The new Fundeb: yet another redemption for education?


By Nicholas Davies*

To evaluate this PEC and the possible virtues or flaws of a future Fundeb, it is good to remember that the current Fundeb did not fulfill one of its objectives of maintaining and developing public basic education

Before commenting on the PEC, it is worth remembering the mistake of many entities and politicians saying, in defense of the permanent Fundeb (Fund for the Maintenance and Development of Basic Education and the Valorization of Education Professionals), that the end of the current Fundeb would represent chaos in the education, never mentioning that Fundeb represented very little new money for national education, since it consisted only of a distribution, between the State and its municipalities, of 20% of the majority of taxes already constitutionally linked to education, based on the number of municipal enrollments in early childhood education (EI) and elementary education (EF) and state enrollment in elementary (EF) and secondary education (EM), and in different weights attributed to basic education levels, modalities and teaching establishments. Thus, what some governments gain others lose in the same proportion, unless they receive federal supplementation, which is not very significant in national terms, as it corresponds to 10% of national revenue, formed by 90% of taxes from the states, the Federal District (DF ) and municipalities. It is true that this complementation was quite significant for many city halls, especially in the Northeast and Pará, but non-existent in the vast majority of city halls.

Therefore, caution is needed with the allegation that the end of the current Fundeb would bring chaos in education (which, anyway, has existed for a long time), since, without it, the governments' contribution to Fundeb would revert to them. The end would only be problematic for city halls that receive complementation and/or have significant gains in the distribution of Fundeb revenue at the state level. However, it would be a relief for many city halls (perhaps more than 1000) and all state governments that lose with Fundeb today.

Before evaluating the PEC, it should be noted that many aspects of it can only be accurately analyzed after it is regulated by law. Therefore, we do not go into all the details of it here.

To evaluate this PEC and the possible virtues or flaws of a future Fundeb, it is good to remember that the current Fundeb did not fulfill one of its objectives of maintaining and developing public basic education. According to a study by Alzira Batalha Alcântara and Nicholas Davies, to be published in September in fineduca, a magazine dedicated to financing education, the School Censuses of the National Institute of Educational Studies and Research (Inep) show that from 2007 (the first year of Fundeb) to 2019, the number of state enrollments fell (-6.620.267, or -30,2, 1.503.390%) and municipal (-6,1, or -1.788.582%) in basic education in Brazil, but private enrollment grew (+24,3, or +2006%) from 2019 to 2006. The year 2007 in the private sector was taken as a reference because, according to Inep, there was underreporting of enrollments in 2.954. The number of state schools also decreased (-8,9, or -24.136%), as well as that of municipal schools (-18,2 , or -16,6%). The number of private schools increased by 5.897%, with 2019 more units in 2006 compared to 13,7. The consequence of this was the increase in private participation in basic education from 2006%, in 19,2, to 2019% , in 2008. It is noteworthy that the greatest reduction in enrollments and municipal schools took place in the Northeast because it was the prefectures in the region (besides Pará) that received the most complementation. Authors who tend to see many virtues in Fundeb claim that it reduced inequalities in resources linked to education between states and also between municipalities in the same state. Although this is true, they fail to mention that many small municipalities with low own revenues in the North, Southeast, Midwest and South lost resources to Fundeb from 2011 to 2015, according to a study by Alexandre Peres et al published in XNUMX by INEP.

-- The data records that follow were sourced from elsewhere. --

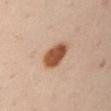The lesion was photographed on a routine skin check and not biopsied; there is no pathology result.
Cropped from a total-body skin-imaging series; the visible field is about 15 mm.
Captured under cross-polarized illumination.
The total-body-photography lesion software estimated border irregularity of about 1.5 on a 0–10 scale, a color-variation rating of about 3/10, and a peripheral color-asymmetry measure near 1.
The subject is a male aged around 50.
About 4 mm across.
The lesion is on the left upper arm.
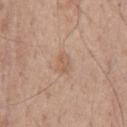Imaged during a routine full-body skin examination; the lesion was not biopsied and no histopathology is available. This is a white-light tile. A region of skin cropped from a whole-body photographic capture, roughly 15 mm wide. The lesion is on the chest. Longest diameter approximately 2.5 mm. A male patient about 55 years old.
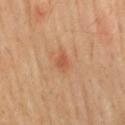{"biopsy_status": "not biopsied; imaged during a skin examination"}
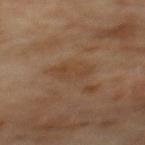  biopsy_status: not biopsied; imaged during a skin examination
  lighting: cross-polarized
  image:
    source: total-body photography crop
    field_of_view_mm: 15
  site: mid back
  lesion_size:
    long_diameter_mm_approx: 4.0
  automated_metrics:
    area_mm2_approx: 7.0
    shape_asymmetry: 0.25
    lesion_detection_confidence_0_100: 100
  patient:
    sex: male
    age_approx: 70
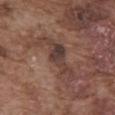This lesion was catalogued during total-body skin photography and was not selected for biopsy. A male subject aged 73–77. A 15 mm close-up extracted from a 3D total-body photography capture. Located on the abdomen.
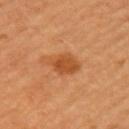Longest diameter approximately 3.5 mm. Imaged with cross-polarized lighting. A 15 mm crop from a total-body photograph taken for skin-cancer surveillance. The lesion is located on the arm. A female patient about 45 years old.
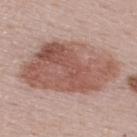Impression:
The lesion was tiled from a total-body skin photograph and was not biopsied.
Clinical summary:
The lesion is located on the upper back. The tile uses white-light illumination. Cropped from a whole-body photographic skin survey; the tile spans about 15 mm. A male patient aged 58 to 62. The lesion-visualizer software estimated a footprint of about 50 mm² and an outline eccentricity of about 0.8 (0 = round, 1 = elongated).
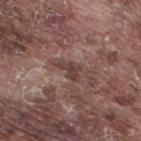The lesion was photographed on a routine skin check and not biopsied; there is no pathology result.
Captured under white-light illumination.
A roughly 15 mm field-of-view crop from a total-body skin photograph.
On the right thigh.
The lesion's longest dimension is about 3 mm.
A male subject, aged 73 to 77.
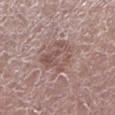Captured during whole-body skin photography for melanoma surveillance; the lesion was not biopsied.
From the left lower leg.
A roughly 15 mm field-of-view crop from a total-body skin photograph.
A male patient aged around 65.
Longest diameter approximately 4.5 mm.
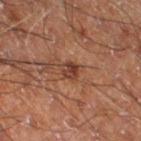This lesion was catalogued during total-body skin photography and was not selected for biopsy. On the right thigh. A male subject aged 58 to 62. A 15 mm close-up extracted from a 3D total-body photography capture.
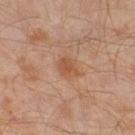Clinical impression:
Part of a total-body skin-imaging series; this lesion was reviewed on a skin check and was not flagged for biopsy.
Background:
This is a cross-polarized tile. From the left leg. A male patient about 30 years old. Cropped from a total-body skin-imaging series; the visible field is about 15 mm.
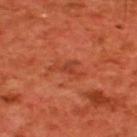The lesion was tiled from a total-body skin photograph and was not biopsied. A male patient, in their 60s. This is a cross-polarized tile. Measured at roughly 3.5 mm in maximum diameter. A 15 mm close-up tile from a total-body photography series done for melanoma screening. The lesion is located on the upper back.
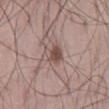Q: Was a biopsy performed?
A: catalogued during a skin exam; not biopsied
Q: What did automated image analysis measure?
A: a lesion color around L≈50 a*≈18 b*≈22 in CIELAB and a lesion-to-skin contrast of about 8 (normalized; higher = more distinct); border irregularity of about 3 on a 0–10 scale, a within-lesion color-variation index near 3.5/10, and a peripheral color-asymmetry measure near 1.5
Q: How large is the lesion?
A: about 3 mm
Q: What is the anatomic site?
A: the back
Q: How was this image acquired?
A: total-body-photography crop, ~15 mm field of view
Q: How was the tile lit?
A: white-light illumination
Q: Who is the patient?
A: male, about 45 years old
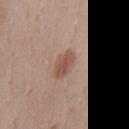The subject is a female roughly 40 years of age. Captured under white-light illumination. About 3.5 mm across. Located on the chest. Automated tile analysis of the lesion measured an average lesion color of about L≈52 a*≈19 b*≈28 (CIELAB) and a lesion–skin lightness drop of about 10. A lesion tile, about 15 mm wide, cut from a 3D total-body photograph.
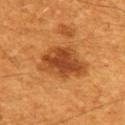follow-up: no biopsy performed (imaged during a skin exam)
patient: male, roughly 60 years of age
body site: the upper back
automated metrics: a footprint of about 18 mm², an eccentricity of roughly 0.8, and two-axis asymmetry of about 0.25; roughly 12 lightness units darker than nearby skin and a lesion-to-skin contrast of about 9 (normalized; higher = more distinct); a border-irregularity rating of about 3/10
lesion diameter: ≈6.5 mm
image source: 15 mm crop, total-body photography
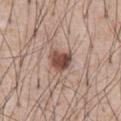| key | value |
|---|---|
| workup | no biopsy performed (imaged during a skin exam) |
| subject | male, approximately 55 years of age |
| location | the chest |
| acquisition | ~15 mm tile from a whole-body skin photo |
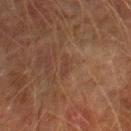Impression: Recorded during total-body skin imaging; not selected for excision or biopsy. Background: On the right lower leg. Captured under cross-polarized illumination. A male subject in their mid- to late 70s. Cropped from a total-body skin-imaging series; the visible field is about 15 mm.
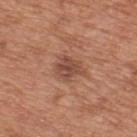<case>
  <biopsy_status>not biopsied; imaged during a skin examination</biopsy_status>
  <patient>
    <sex>male</sex>
    <age_approx>65</age_approx>
  </patient>
  <image>
    <source>total-body photography crop</source>
    <field_of_view_mm>15</field_of_view_mm>
  </image>
  <site>upper back</site>
  <automated_metrics>
    <area_mm2_approx>6.5</area_mm2_approx>
    <eccentricity>0.65</eccentricity>
    <shape_asymmetry>0.25</shape_asymmetry>
    <vs_skin_darker_L>10.0</vs_skin_darker_L>
    <vs_skin_contrast_norm>7.5</vs_skin_contrast_norm>
    <border_irregularity_0_10>3.0</border_irregularity_0_10>
    <color_variation_0_10>3.5</color_variation_0_10>
    <peripheral_color_asymmetry>1.5</peripheral_color_asymmetry>
    <nevus_likeness_0_100>15</nevus_likeness_0_100>
    <lesion_detection_confidence_0_100>100</lesion_detection_confidence_0_100>
  </automated_metrics>
  <lesion_size>
    <long_diameter_mm_approx>3.5</long_diameter_mm_approx>
  </lesion_size>
</case>
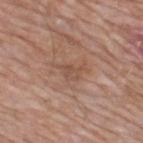workup = catalogued during a skin exam; not biopsied | image = ~15 mm tile from a whole-body skin photo | diameter = ≈3.5 mm | automated metrics = a lesion–skin lightness drop of about 7 and a normalized lesion–skin contrast near 5; an automated nevus-likeness rating near 0 out of 100 | anatomic site = the upper back | illumination = white-light illumination | patient = male, roughly 60 years of age.
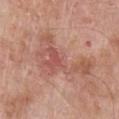A close-up tile cropped from a whole-body skin photograph, about 15 mm across.
The lesion is located on the chest.
A male subject, aged approximately 65.
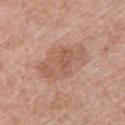The lesion was photographed on a routine skin check and not biopsied; there is no pathology result. From the left upper arm. Measured at roughly 6 mm in maximum diameter. Automated image analysis of the tile measured a footprint of about 18 mm², an outline eccentricity of about 0.8 (0 = round, 1 = elongated), and a symmetry-axis asymmetry near 0.2. The software also gave about 9 CIELAB-L* units darker than the surrounding skin and a lesion-to-skin contrast of about 6 (normalized; higher = more distinct). And it measured a border-irregularity index near 3/10 and internal color variation of about 3.5 on a 0–10 scale. The patient is a female roughly 60 years of age. Cropped from a whole-body photographic skin survey; the tile spans about 15 mm.
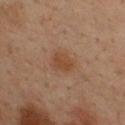{
  "biopsy_status": "not biopsied; imaged during a skin examination",
  "image": {
    "source": "total-body photography crop",
    "field_of_view_mm": 15
  },
  "lighting": "cross-polarized",
  "site": "upper back",
  "lesion_size": {
    "long_diameter_mm_approx": 3.0
  },
  "patient": {
    "sex": "male",
    "age_approx": 35
  }
}
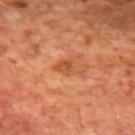On the mid back. This image is a 15 mm lesion crop taken from a total-body photograph. A male subject aged approximately 70. Measured at roughly 3.5 mm in maximum diameter. Captured under cross-polarized illumination.
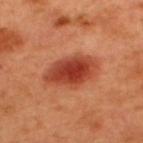The lesion-visualizer software estimated a border-irregularity index near 1.5/10 and internal color variation of about 5 on a 0–10 scale.
On the back.
The subject is a male approximately 50 years of age.
A lesion tile, about 15 mm wide, cut from a 3D total-body photograph.
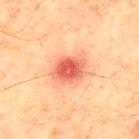| key | value |
|---|---|
| workup | imaged on a skin check; not biopsied |
| imaging modality | ~15 mm tile from a whole-body skin photo |
| patient | male, about 65 years old |
| lesion size | ~4 mm (longest diameter) |
| body site | the chest |
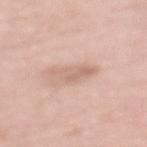Q: Illumination type?
A: white-light
Q: Where on the body is the lesion?
A: the mid back
Q: How large is the lesion?
A: ≈4 mm
Q: Who is the patient?
A: female, aged 68 to 72
Q: Automated lesion metrics?
A: a lesion–skin lightness drop of about 9 and a normalized lesion–skin contrast near 5.5
Q: How was this image acquired?
A: ~15 mm crop, total-body skin-cancer survey

A fact that draws attention in the approval of the PEC was the almost total parliamentary unanimity around it, mainly because hundreds of these deputies have approved a series of anti-popular measures, such as social security reform, labor reform, etc. Given this, it is worth asking whether they (the vast majority of the right and extreme right) were taken by a sudden popular commitment or felt cornered by pressure from various entities and even governors of various states for the approval of the PEC. It is also worth asking whether parliamentarians and so-called progressive or left-wing entities and people sincerely believe that this PEC is a guarantee of progress, even without the problems identified below. It is a mistake to think that the constitutionalization of a policy, that is, its insertion in the permanent body of the constitution, is a guarantee of something, not least because the Brazilian State in general and its various institutions are not committed to the interests of the majority of the population. For example, the minimum percentage of taxes for education provided for in art. 212 of the Constitution was never changed, however, in practice, it was reduced from 1994 to 2010 by constitutional amendments inserted in the Transitory Constitutional Provisions Act (ADCT), untying 20% ​​of taxes from the minimum percentage calculation base, harming not only education federal but also that of States, DF and municipalities (at least from 1994 to 1999), since federal transfers to such entities were reduced as a result of this separation. Another example is the breach of art. 60 of the ADCT of the original text of the CF of 1988, which foresaw, among other things, the eradication of illiteracy by the Public Power, which is still today one of the main problems of education, whose confrontation strangely was not foreseen even in EC No. 53 of Fundeb, in 2006, nor in the current PEC. It seems that governments and parliamentarians think that illiteracy will be defeated when all illiterates die! Another, more recent example is Constitutional Amendment No. 95, of 2016, of the Temer government, which freezes in real terms, for 20 years, all public spending, including education, less spending on paying the public debt, being, however, circumvented to serve the castes of the military (which already had an increase now), the Judiciary and other categories (Federal Police, for example) fundamental for the maintenance of bourgeois order.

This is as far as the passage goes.